> Task
Leave out the pictures, and retype the remaining data exactly.

> Supplied material
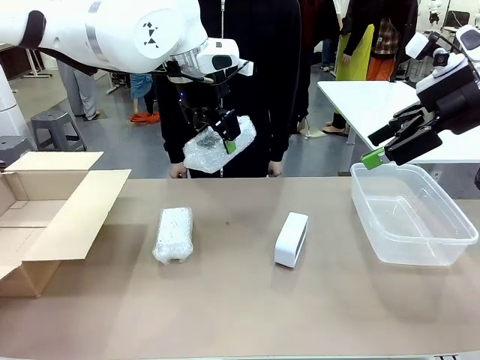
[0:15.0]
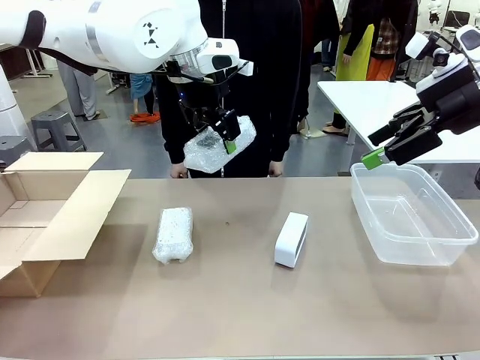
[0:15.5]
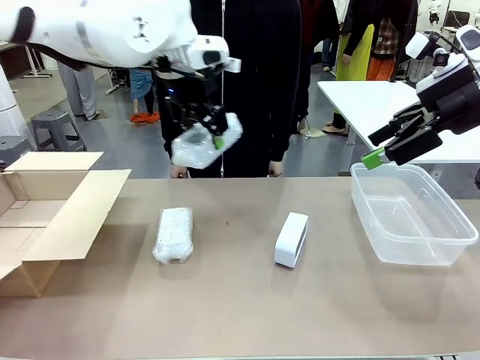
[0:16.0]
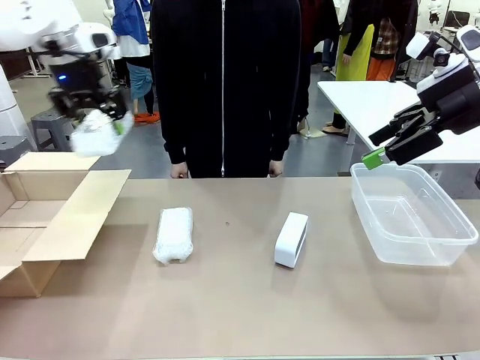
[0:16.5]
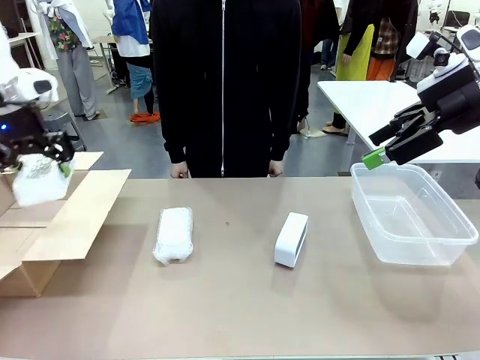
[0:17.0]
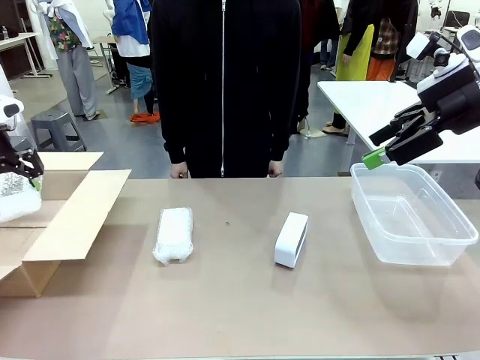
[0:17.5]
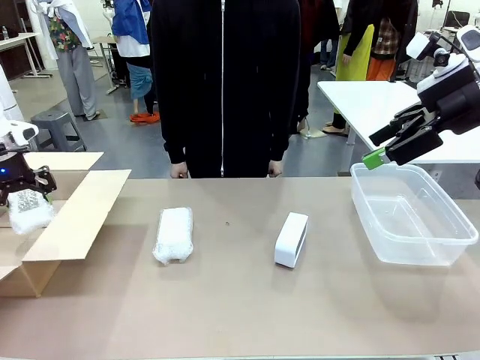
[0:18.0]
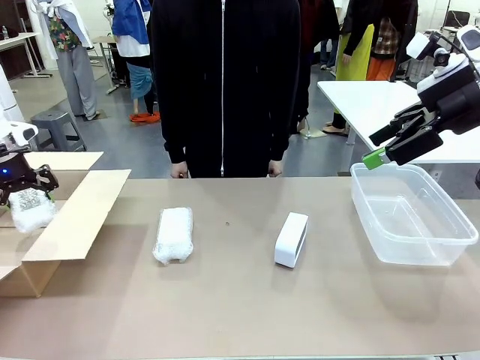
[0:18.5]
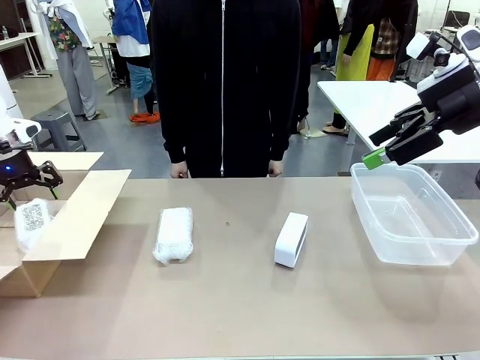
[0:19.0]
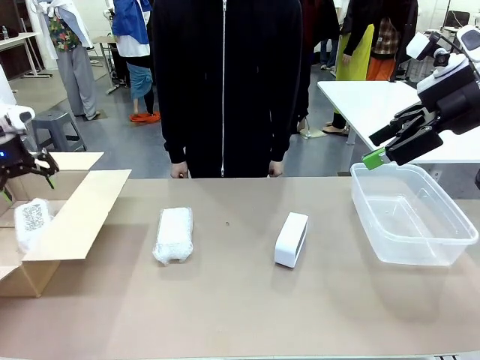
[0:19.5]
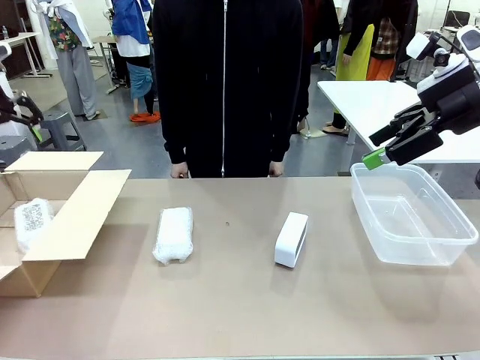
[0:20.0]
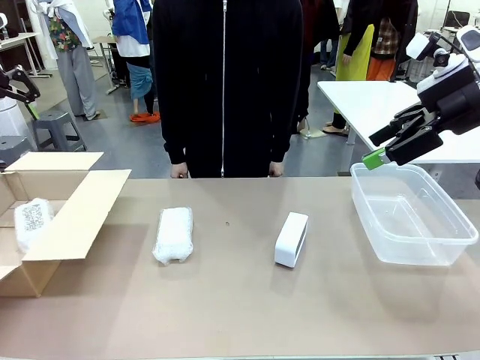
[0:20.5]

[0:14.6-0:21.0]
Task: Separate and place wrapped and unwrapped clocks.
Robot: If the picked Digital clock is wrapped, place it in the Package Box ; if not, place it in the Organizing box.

> Output below
[0:15.0]
[0:15.5]
[0:16.0]
[0:16.5]
[0:17.0]
[0:17.5]
[0:18.0]
[0:18.5]
[0:19.0]
[0:19.5]
[0:20.0]
[0:20.5]

[0:14.6-0:21.0]
Task: Separate and place wrapped and unwrapped clocks.
Robot: If the picked Digital clock is wrapped, place it in the Package Box ; if not, place it in the Organizing box.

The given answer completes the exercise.